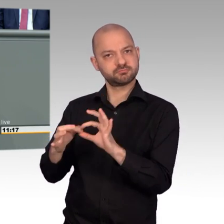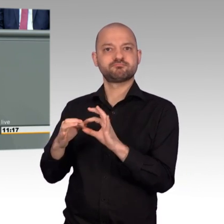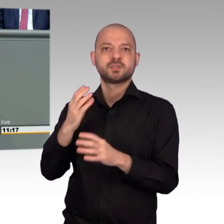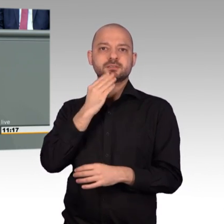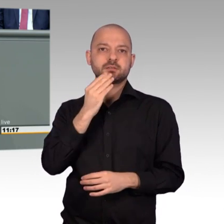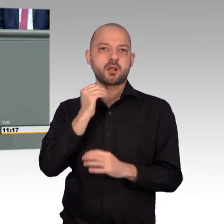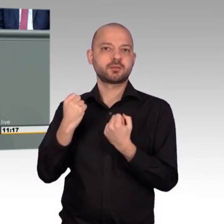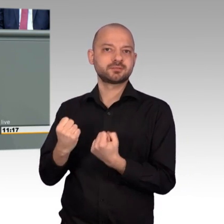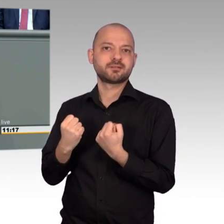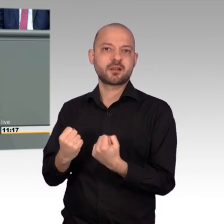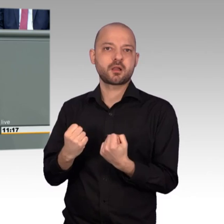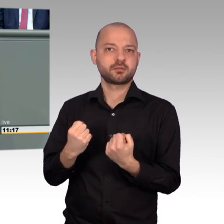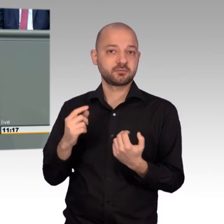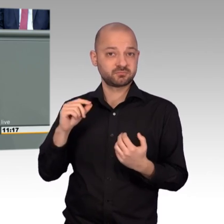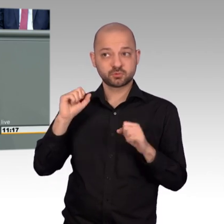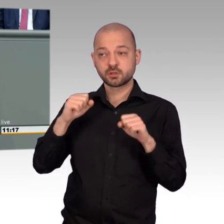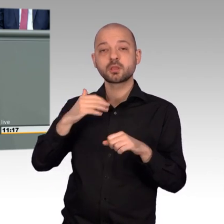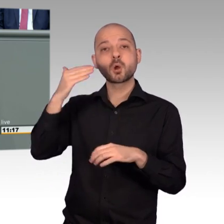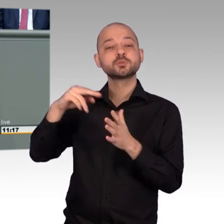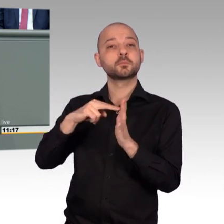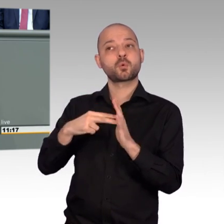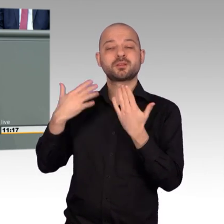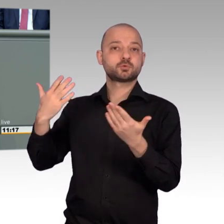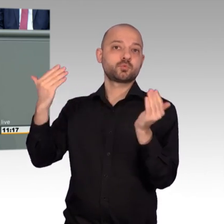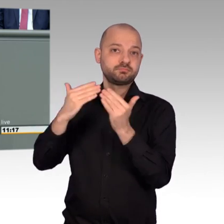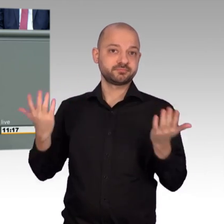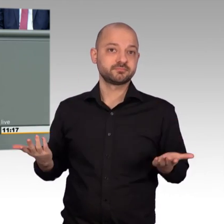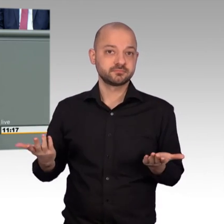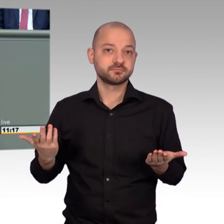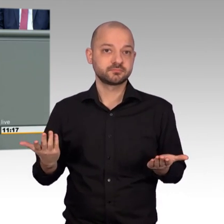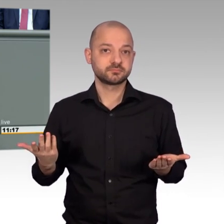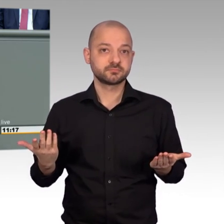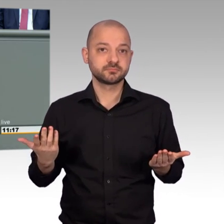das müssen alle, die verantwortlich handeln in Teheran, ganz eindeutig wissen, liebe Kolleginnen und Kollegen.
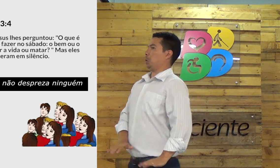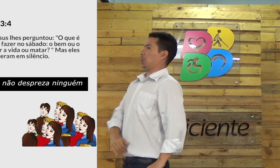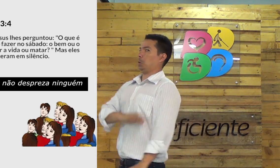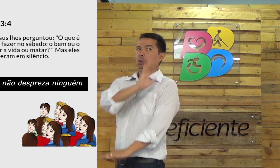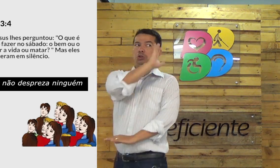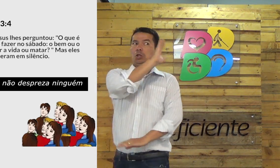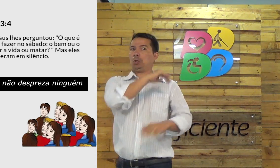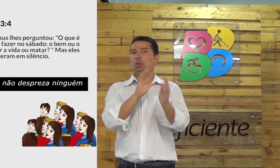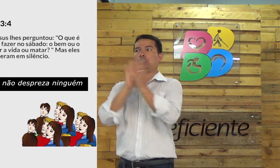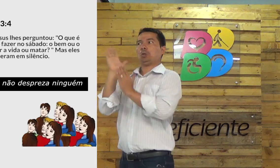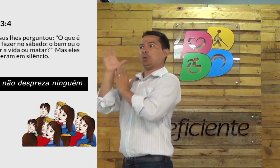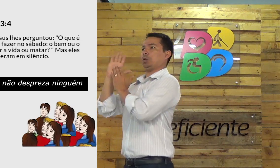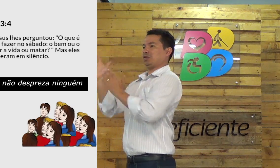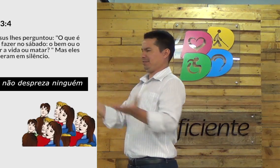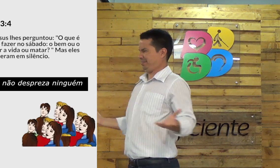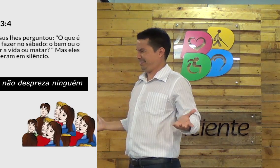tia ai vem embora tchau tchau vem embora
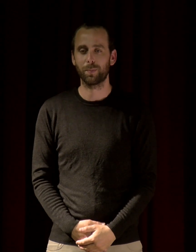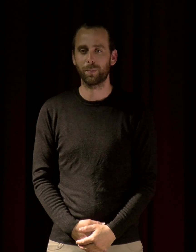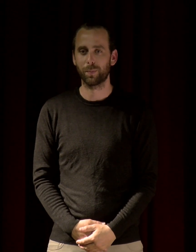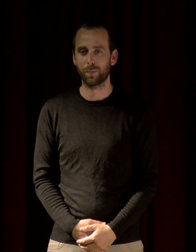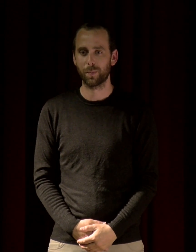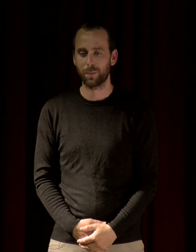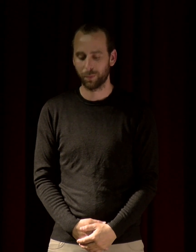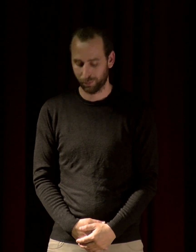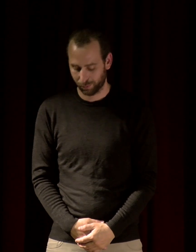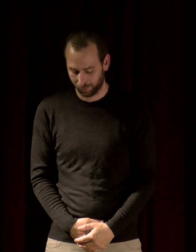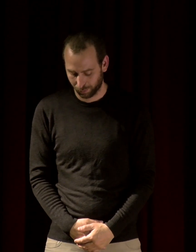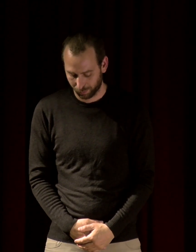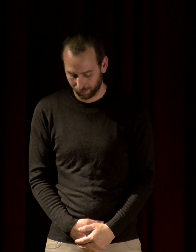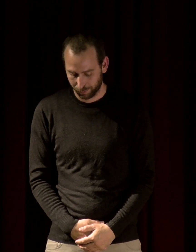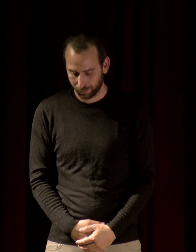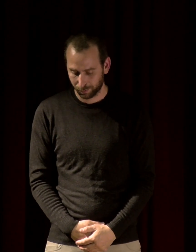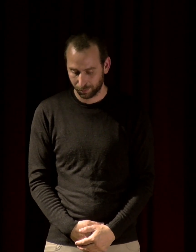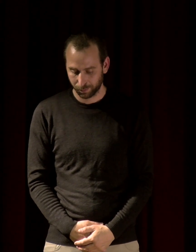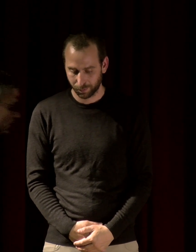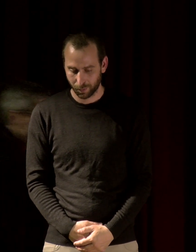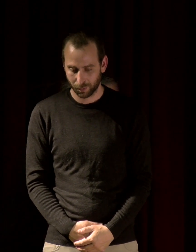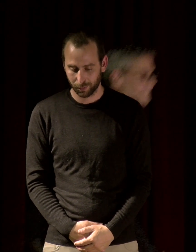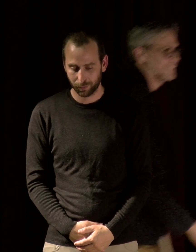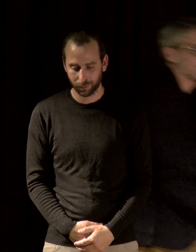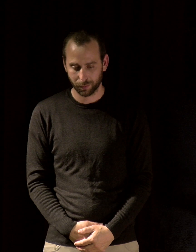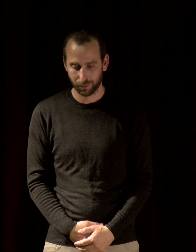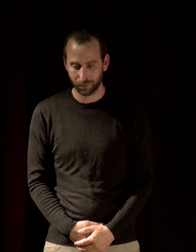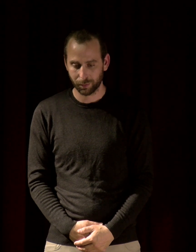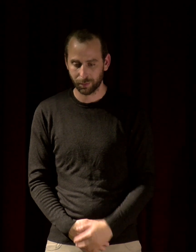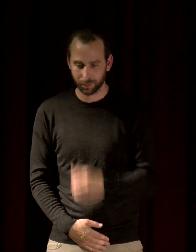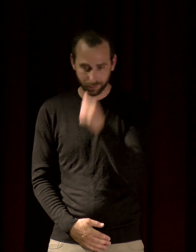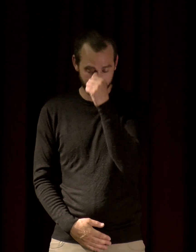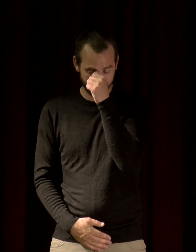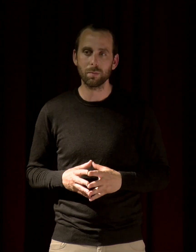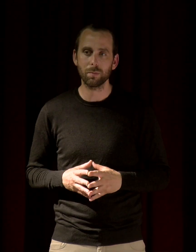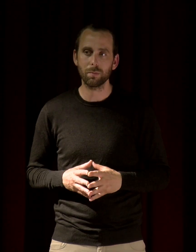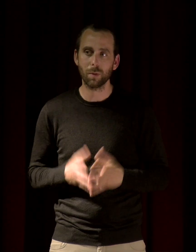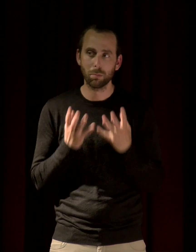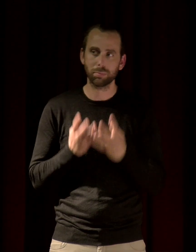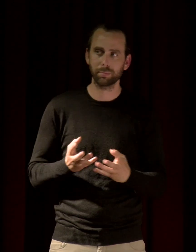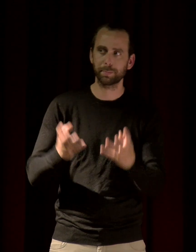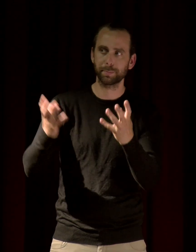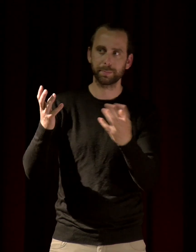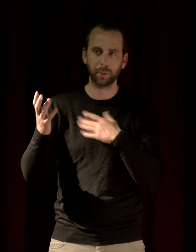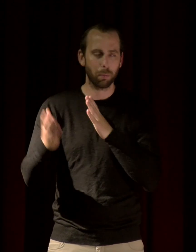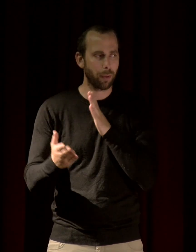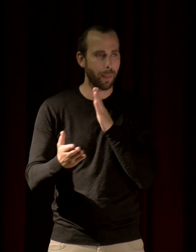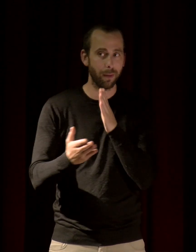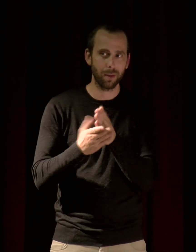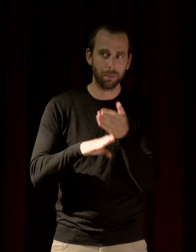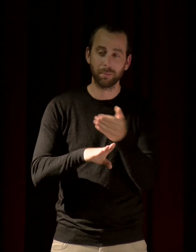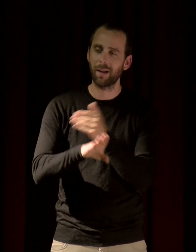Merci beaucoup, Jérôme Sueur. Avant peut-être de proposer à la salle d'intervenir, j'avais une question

* About this exercise *
Repeat the listing word for word, omitting the pictures.

* Finished exercise *
das müssen alle, die verantwortlich handeln in Teheran, ganz eindeutig wissen, liebe Kolleginnen und Kollegen.
tia ai vem embora tchau tchau vem embora
Merci beaucoup, Jérôme Sueur. Avant peut-être de proposer à la salle d'intervenir, j'avais une question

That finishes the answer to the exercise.